Когда Гейб появился у дверей дома Лавендеров в помятой одежде, которая была ему мала на два размера, Эмильен разрешила ему оставаться столько, сколько захочет. Не только потому, что ей был нужен рукастый мужик, способный дотянуться до светильника на переднем крыльце. Не только потому, что она заподозрила, что он наверняка моложе, чем говорит, – в чем позднее убедилась, обратив внимание на то, как он наклоняет голову, когда слышит похвалу в свой адрес, и как весь трепещет в присутствии Вивиан. Нет, Эмильен приняла его радушно потому, что услышала доносившееся с востока пение птиц – оно возвещало о явлении благой любви.
Вивиан на нового жильца внимания почти не обращала. Не замечала ни его живого взора, ни юношеских привычек. Она, как и другие, считала, что он намного старше (и уж точно не моложе!) ее. Однажды даже назвала его «сэр», смутившись и застыдившись при виде его унылого выражения лица. Он всегда был вежлив, уступал ей последний кусок ежевичного пирога и, слава богу, починил текущий кран в ванной. И хотя до Джека ему было далеко, Вивиан даже могла бы сказать, что он красив. Если вам нравятся высокие и смуглые.

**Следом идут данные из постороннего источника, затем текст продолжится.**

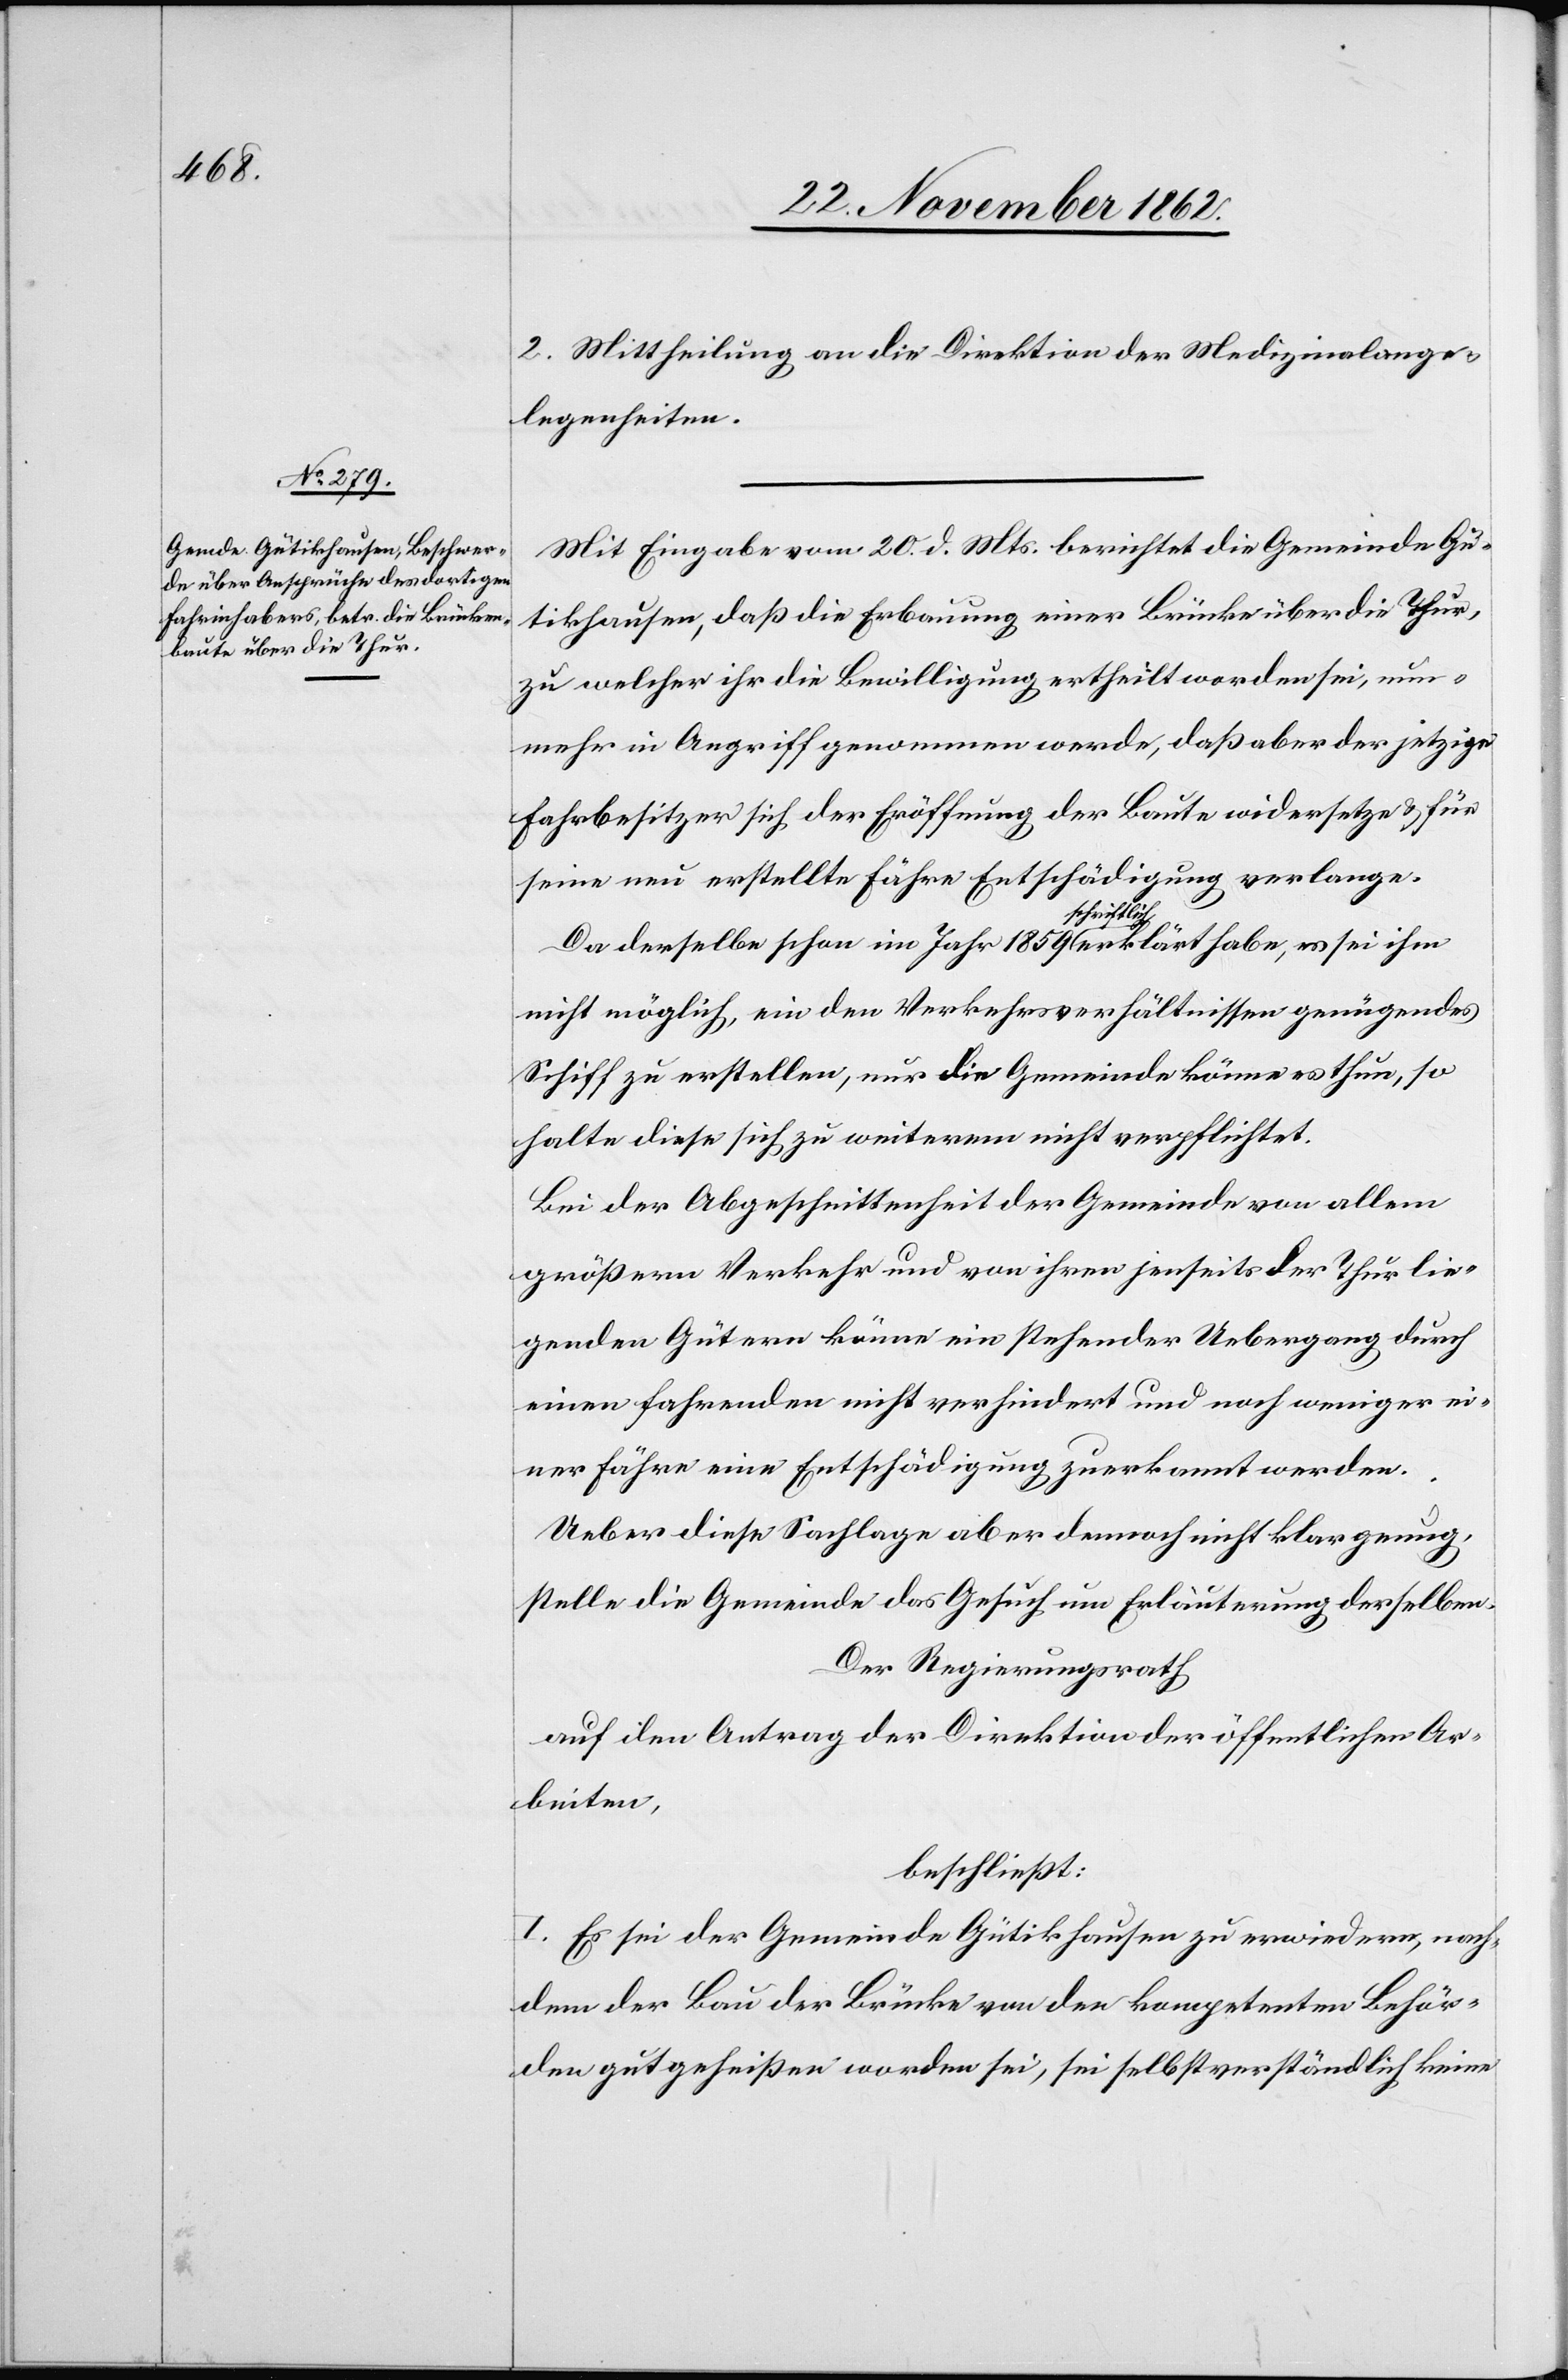
2. Mittheilung an die Direktion der Medizinalange¬
legenheiten.
Mit Eingabe vom 20. d. Mts. berichtet die Gemeinde Gü¬
tikhausen, daß die Erbauung einer Brücke über die Thur,
zu welcher ihr die Bewilligung ertheilt worden sei, nun¬
mehr in Angriff genommen werde, daß aber der jetzige
Fahrbesitzer sich der Eröffnung der Baute widersetze u. für
seine neue erstellte Fähre Entschädigung verlange.
Da derselbe schon im Jahr 1859 schriftlich erklärt habe, es sei ihm
nicht möglich, ein den Verkehrsverhältnissen genügendes
Schiff zu erstellen, nur die Gemeinde könne es thun, so
halte diese sich zu weiterem nicht verpflichtet.
Bei der Abgeschnittenheit der Gemeinde von allem
größern Verkehr und von ihren jenseits der Thur lie¬
genden Gütern könne ein stehender Uebergang durch
einen fahrenden nicht verhindert und noch weniger ei¬
ner Fähre eine Entschädigung zuerkannt werden.
Ueber diese Sachlage aber dennoch nicht klar genug,
stellte die Gemeinde das Gesuch um Erläuterung derselben.
Der Regierungsrath
auf den Antrag der Direktion der öffentlichen Ar¬
beiten,
beschließt:
I. Es sei der Gemeinde Gütikhausen zu erwiedern, nach¬
dem der Bau der Brücke von den kompetenten Behör¬
den gutgeheißen worden sei, sei selbstverständlich keine
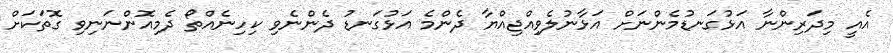
އެއީ މިދަރިންނާ އަޅުގަނޑުމެންނަށް އަޅާނުލެވިއްޖިއްޔާ ދެންމެ އަޅުގަނޑު ދެންނެވި ކިހިނެއްތޯ ދެމިއޮންނަނިވި ގޮތަކަށް
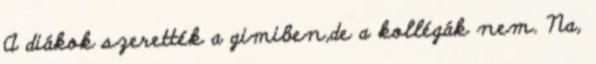
A diákok szerették a gimiben,de a kollégák nem. Na,
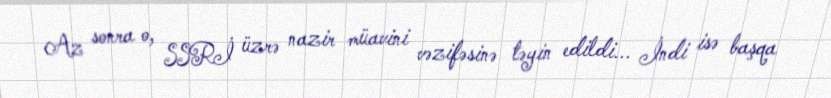
Az sonra o, SSRİ üzrə nazir müavini vəzifəsinə təyin edildi... İndi isə başqa
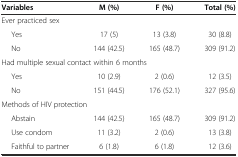
<table><thead><tr><td><b>Variables</b></td><td><b>M (%)</b></td><td><b>F (%)</b></td><td><b>Total (%)</b></td></tr></thead><tbody><tr><td colspan="4">Ever practiced sex</td></tr><tr><td>Yes</td><td>17 (5)</td><td>13 (3.8)</td><td>30 (8.8)</td></tr><tr><td>No</td><td>144 (42.5)</td><td>165 (48.7)</td><td>309 (91.2)</td></tr><tr><td colspan="4">Had multiple sexual contact within 6 months</td></tr><tr><td>Yes</td><td>10 (2.9)</td><td>2 (0.6)</td><td>12 (3.5)</td></tr><tr><td>No</td><td>151 (44.5)</td><td>176 (52.1)</td><td>327 (95.6)</td></tr><tr><td colspan="4">Methods of HIV protection</td></tr><tr><td>Abstain</td><td>144 (42.5)</td><td>165 (48.7)</td><td>309 (91.2)</td></tr><tr><td>Use condom</td><td>11 (3.2)</td><td>2 (0.6)</td><td>13 (3.8)</td></tr><tr><td>Faithful to partner</td><td>6 (1.8)</td><td>6 (1.8)</td><td>12 (3.6)</td></tr></tbody></table>
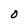
Character: O
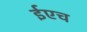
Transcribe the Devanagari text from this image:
ईएच
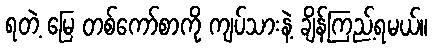
ရတဲ့ မြေ တစ်ကော်စာကို ကျပ်သားနဲ့ ချိန်ကြည့်ရမယ်။
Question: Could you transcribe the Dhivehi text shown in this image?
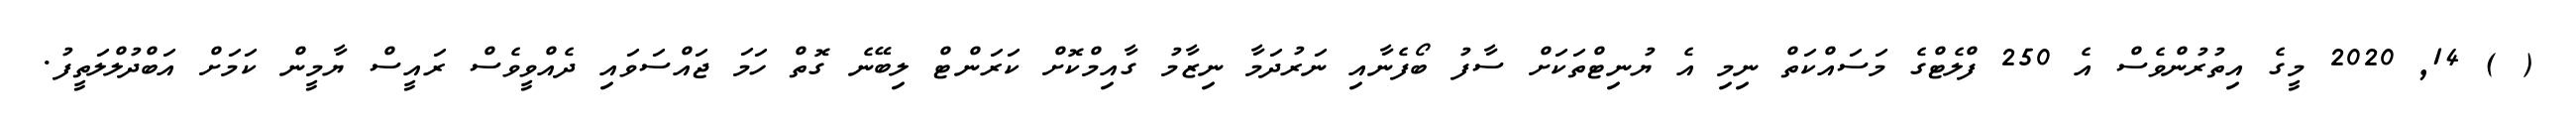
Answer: ( ) 14, 2020 މީގެ އިތުރުންވެސް އެ 250 ފްލެޓްގެ މަސައްކަތް ނިމި އެ ޔުނިޓްތަކަށް ސާފު ބޯފެނާއި ނަރުދަމާ ނިޒާމު ގާއިމްކޮށް ކަރަންޓް ލިބޭނެ ގޮތް ހަމަ ޖައްސަވައި ދެއްވީވެސް ރައީސް ޔާމީން ކަމަށް އަބްދުލްލަތީފު.
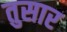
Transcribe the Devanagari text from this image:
तुसार
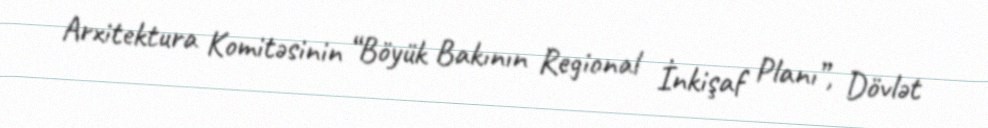
Arxitektura Komitəsinin “Böyük Bakının Regional İnkişaf Planı”, Dövlət
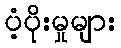
ပံ့ပိုးမှုများ
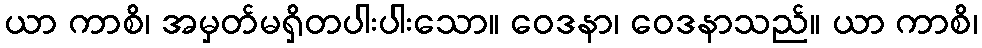
ယာ ကာစိ၊ အမှတ်မရှိတပါးပါးသော။ ဝေဒနာ၊ ဝေဒနာသည်။ ယာ ကာစိ၊
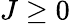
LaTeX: J\geq 0

Но в мыслях у Вивиан был тогда отнюдь не жилец. Думала она, скорее, о том, что в тот вечер проходило празднование летнего солнцестояния, а это событие никто из местных пропустить не осмелится. Особенно Джек. По крайней мере, она на это надеялась.
Ежегодное празднование дня рождения Фатимы Инес де Дорес теперь проходило не так, как прежде, когда девочка жила в конце Вершинного переулка. Цыганка и китайские акробаты отошли в прошлое, но сам праздник не утерял очарования и великолепия. С наступлением ночи празднование достигало пышного
Вероятно, в предвкушении праздника георгины в том году расцвели раньше обычного, выстроившись красивыми рядами. Их гривастые рожицы заполнили сады; кусты напоминали танец детишек, наряженных в лучшую воскресную одежду. Однако таких восхитительных цветов, как в саду у Эмильен, не было ни у кого. Она вывела собственные гибриды удивительных, невиданных раньше оттенков: насыщенные лазурно-голубые, огненно-красные, доцветающие до желтых, оранжевых и ярко-фиолетовых, и зеленые – бледные настолько, что с первого взгляда казались белыми. Они затмевали растущие рядом фруктовые деревья, их яркие соцветия зависали перед окнами первого этажа. Однако среди этих огромных цветов рос и настоящий сад Эмильен: белые хризантемы для защиты, корень одуванчика, чтобы крепок был ночной сон, эвкалипт и душица для заживления ран. Были там наперстянка, имбирь, вереск и мята. Ядовитая сонная трава. Своенравные пионы. И лаванда. Лаванда лишней никогда не бывает.